We're here, we're queer, we're weddings!
Since I’ve started this business I’ve encountered the phrase “same-sex weddings” a lot in response to my introducing my business as “queer-focused wedding planning.” I would like to formally separate myself from the phrase “same-sex weddings.” Here’s why.
THEY’RE JUST FUCKING WEDDINGS. Anyone getting married is a wedding. It’s a celebration of love and the couple committing to love and support each other for the rest of their lives. As much as I like to make everything about being gay, I prefer that I’m the one doing it and not letting the straights have the satisfaction of labelling my community’s love parties.

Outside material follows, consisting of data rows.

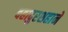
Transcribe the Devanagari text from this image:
बहादुरशहाने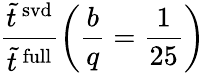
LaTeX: \frac{\tilde{t}^{\mathrm{\, svd}}}{\tilde{t}^{\mathrm{\, full}}}\left(\frac{b}{q}=\frac{1}{25}\right)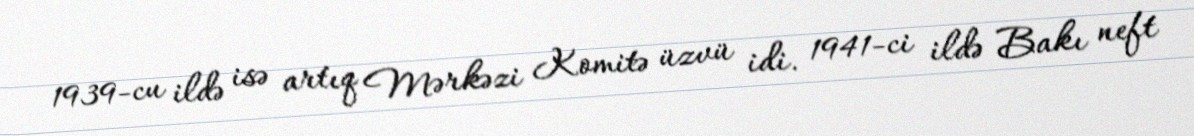
1939-cu ildə isə artıq Mərkəzi Komitə üzvü idi. 1941-ci ildə Bakı neft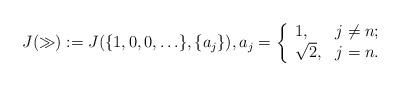
LaTeX: \begin{align*}J(\gg):=J(\{1,0,0,\ldots\},\{a_j\}), a_j=\left\{ \begin{array}{ll} 1, & j\not= n; \\ \sqrt{2}, & j=n. \end{array}\right.\end{align*}

That being said, weddings are rooted deeply in gendered language and traditions that are irrelevant to certain couples that aren’t just two cis-het folks. I’ve got a lot of great ideas of how to celebrate outside of these norms. I also think there are a lot of great ways to take the traditional and find your own meaning in it and share that with your guests. Queer folks just need to celebrate their love but there are going to be some big differences in how that’s handled and I’m here to make the handling of that pleasant af.

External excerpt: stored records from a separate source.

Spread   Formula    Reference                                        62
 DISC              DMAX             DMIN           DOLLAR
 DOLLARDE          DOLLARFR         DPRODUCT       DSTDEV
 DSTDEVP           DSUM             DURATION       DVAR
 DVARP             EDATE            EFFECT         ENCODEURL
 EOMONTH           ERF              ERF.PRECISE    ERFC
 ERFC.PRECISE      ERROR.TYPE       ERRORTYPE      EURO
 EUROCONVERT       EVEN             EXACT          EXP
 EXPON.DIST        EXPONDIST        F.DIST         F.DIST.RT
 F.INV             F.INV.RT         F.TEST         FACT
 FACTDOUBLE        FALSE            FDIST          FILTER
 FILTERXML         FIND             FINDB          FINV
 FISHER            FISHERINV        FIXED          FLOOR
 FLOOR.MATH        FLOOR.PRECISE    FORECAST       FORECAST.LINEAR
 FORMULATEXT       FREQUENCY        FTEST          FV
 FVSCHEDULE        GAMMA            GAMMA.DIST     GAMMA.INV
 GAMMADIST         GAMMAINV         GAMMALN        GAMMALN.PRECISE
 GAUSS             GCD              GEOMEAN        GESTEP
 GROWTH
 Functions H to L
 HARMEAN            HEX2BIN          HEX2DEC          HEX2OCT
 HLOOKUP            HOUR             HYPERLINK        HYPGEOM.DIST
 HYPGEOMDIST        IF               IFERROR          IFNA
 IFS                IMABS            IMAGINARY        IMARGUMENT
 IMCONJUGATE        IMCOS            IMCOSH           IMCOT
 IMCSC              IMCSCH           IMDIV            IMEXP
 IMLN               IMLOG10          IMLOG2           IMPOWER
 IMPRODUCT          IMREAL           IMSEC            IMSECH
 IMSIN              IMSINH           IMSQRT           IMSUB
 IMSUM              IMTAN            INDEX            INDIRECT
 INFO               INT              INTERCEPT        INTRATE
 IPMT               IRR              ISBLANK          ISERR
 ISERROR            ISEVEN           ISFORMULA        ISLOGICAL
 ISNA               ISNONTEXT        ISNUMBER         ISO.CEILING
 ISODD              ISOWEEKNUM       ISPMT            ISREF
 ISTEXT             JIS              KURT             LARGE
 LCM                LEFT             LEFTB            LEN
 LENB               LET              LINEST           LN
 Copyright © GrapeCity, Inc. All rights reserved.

A lot of different types of love that aren’t cis-het also aren’t same-sex. A cis-gender bisexual man marrying a heterosexual woman is still queer because the man is bi. A trans woman marrying a trans man still has participants under the LGBTQIA umbrella. These are just two examples of queer-love that aren’t same-sex. I could certainly give you a few more but I think you get my point.

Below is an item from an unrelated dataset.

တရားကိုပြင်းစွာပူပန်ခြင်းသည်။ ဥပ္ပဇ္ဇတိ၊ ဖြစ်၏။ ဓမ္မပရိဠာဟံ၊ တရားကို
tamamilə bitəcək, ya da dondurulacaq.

Same-sex marriage legalization is all fine and dandy and absolutely something to celebrate. We deserve all the same rights as our hetero siblings, but there are still a lot of folks in our community who are NOT afforded equal rights under the law regarding basic needs such as housing and job security. Not a good look. The fight for equal rights isn’t over and we need to keep fighting especially for our trans siblings. Let’s keep the word queer in people’s minds and remind them cis folks aren’t the only folks in our community.
While same-sex weddings are great, I want to think and work way outside of the traditional wedding box and make my own genre of queer weddings. I want to work with queer couples to throw a wedding. Not a same-sex wedding. Just a wedding. If your wedding (the party itself, not just the love celebrated) happens to be hella gay that’s even better though, honestly. My goal is to throw weddings without the cringe worthy questions that we can get asked when people don't understand the nuances of gender and pronouns and all of the other things. Let’s get ‘em.